Chapter 12
Using apply() to make a single request
In addition to the map() function's variants, a pool also has an apply(function,
*args, **kw) method that we can use to pass one value to the worker pool. We
can see that the map() method is really just a for loop wrapped around the apply()
method, we can, for example, use the following command:
list(workers.apply(analysis, f) for f in glob.glob(pattern))
It's not clear, for our purposes, that this is a significant improvement. Almost
everything we need to do can be expressed as a map() function.
Using map_async(), starmap_async(), and apply_async()
The behavior of the map(), starmap(), and apply() functions is to allocate work to
a subprocess in the Pool object and then collect the response from the subprocess
when that response is ready. This can cause the child to wait for the parent to gather
the results. The _async() function's variations do not wait for the child to finish.

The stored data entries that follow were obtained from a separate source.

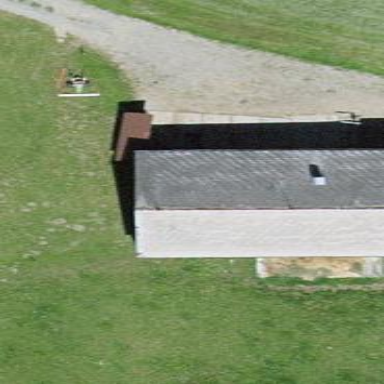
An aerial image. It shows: Farm auxiliary building with gabled roof.
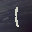
Label: 1
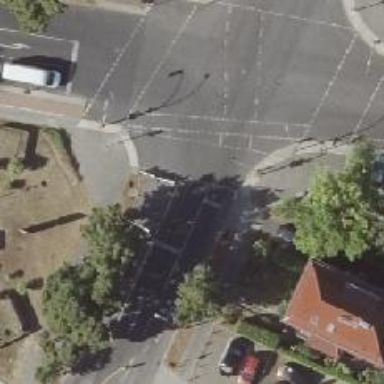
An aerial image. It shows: Road with traffic signals controlling the flow of traffic.
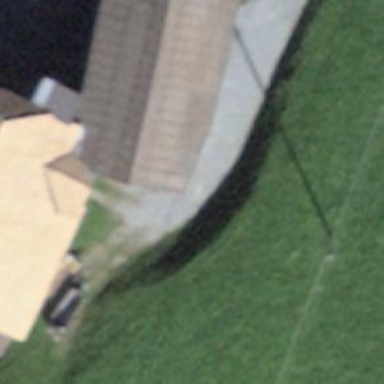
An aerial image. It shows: Shed.
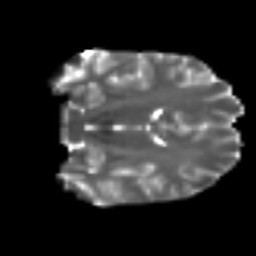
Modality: T2w
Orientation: coronal
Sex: male
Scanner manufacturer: ge
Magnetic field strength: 3 T
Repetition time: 7 s
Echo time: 0.08 s
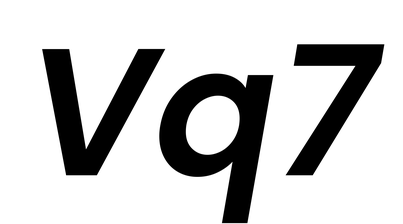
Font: Poppins-SemiBoldItalic
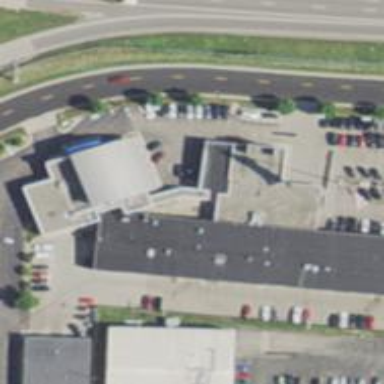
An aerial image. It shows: Car shop building.
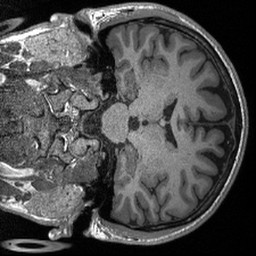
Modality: T1w
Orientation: coronal
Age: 24
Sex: male
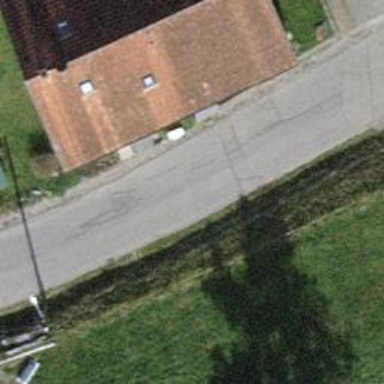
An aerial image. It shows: Residential road with asphalt surface.
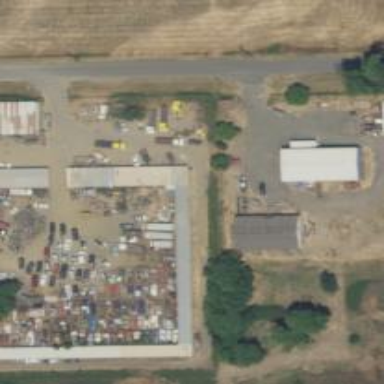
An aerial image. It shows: Scrap yard situated in industrial area.
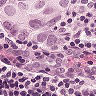
Metastatic tissue present: yes
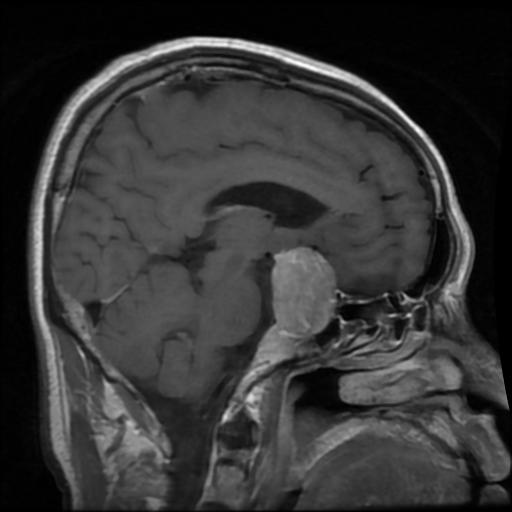
Label: pituitary
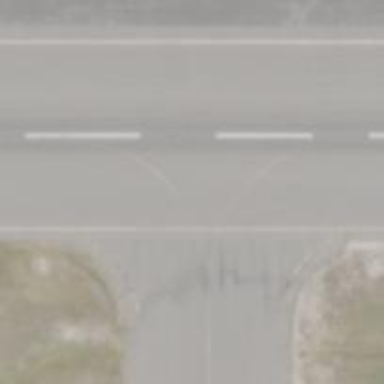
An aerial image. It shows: View of taxiway at the airport.
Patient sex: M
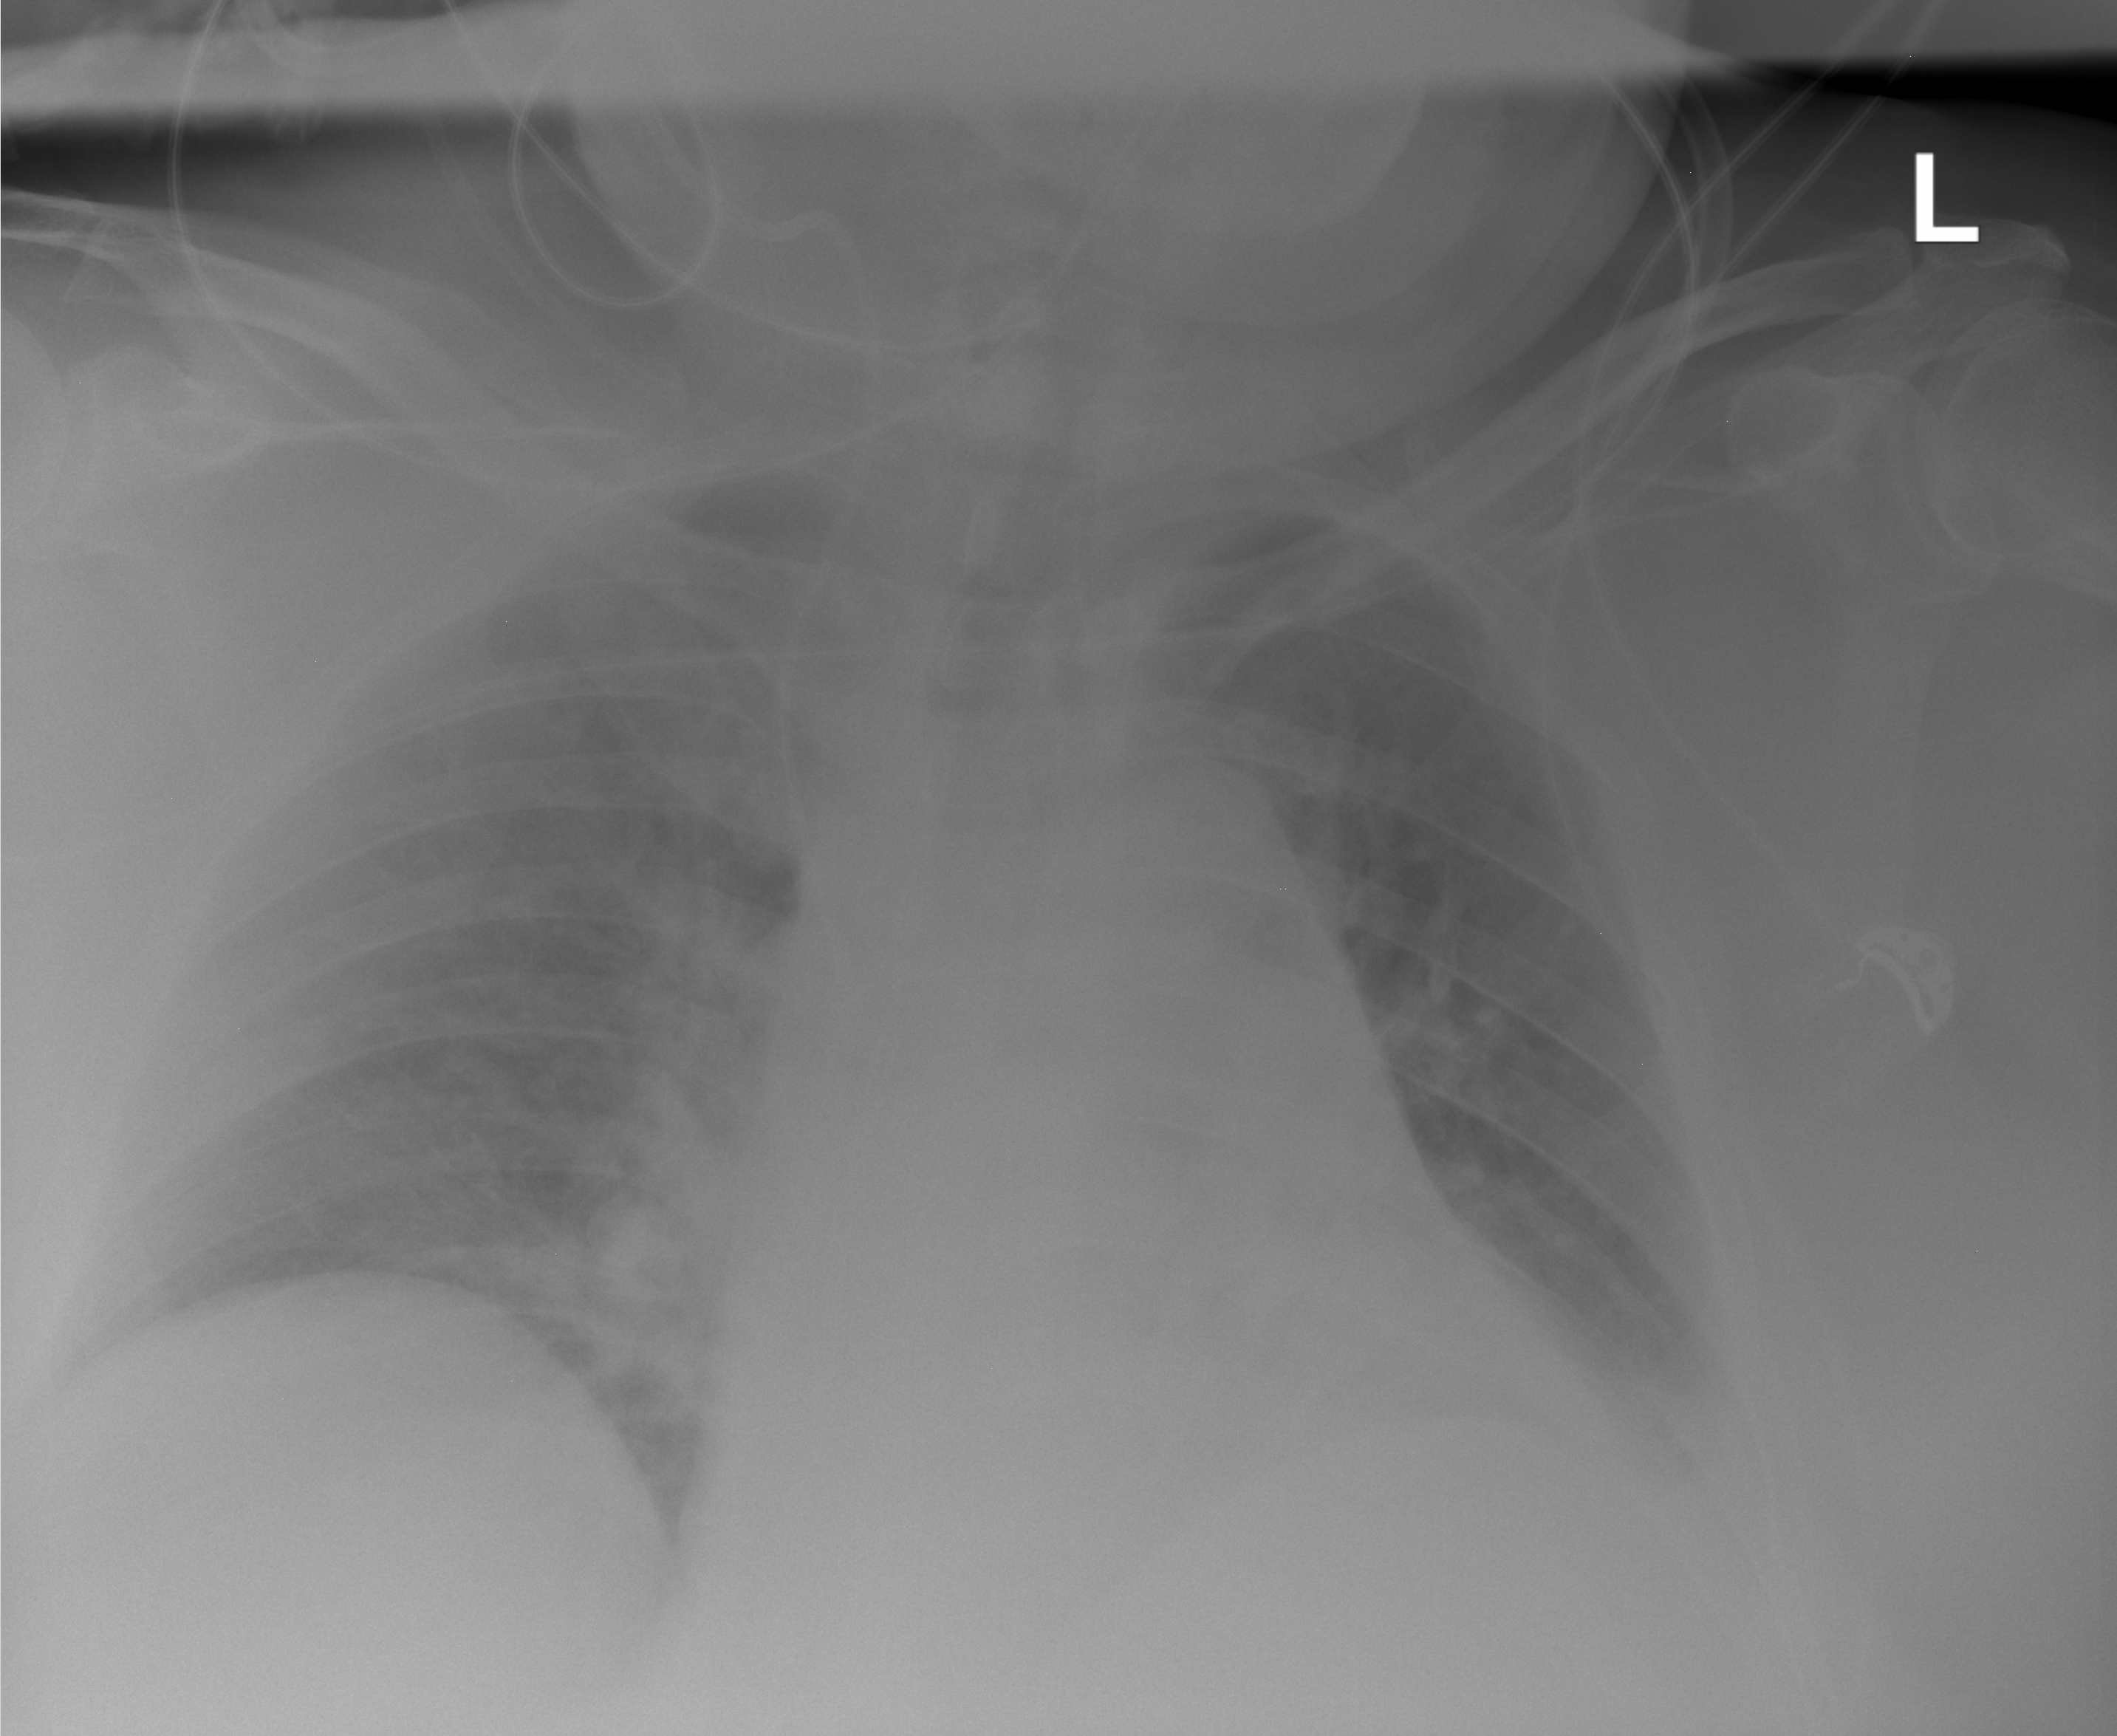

These functions return an object that can be queried to get the individual results from
the child processes.
The following is a variation using the map_async() method:
import multiprocessing
pattern = "*.gz"
combined= Counter()
with multiprocessing.Pool() as workers:
results = workers.map_async(analysis, glob.glob(pattern))
data= results.get()
for c in data:
combined.update(c)
We've created a Counter() function that we'll use to consolidate the results from
each worker in the pool. We created a pool of subprocesses based on the number of
available CPUs and used this Pool object as a context manager. We then mapped
our analysis() function to each file in our file-matching pattern. The response from
the map_async() function is a MapResult object; we can query this for results and
overall status of the pool of workers. In this case, we used the get() method to get
the sequence of the Counter objects.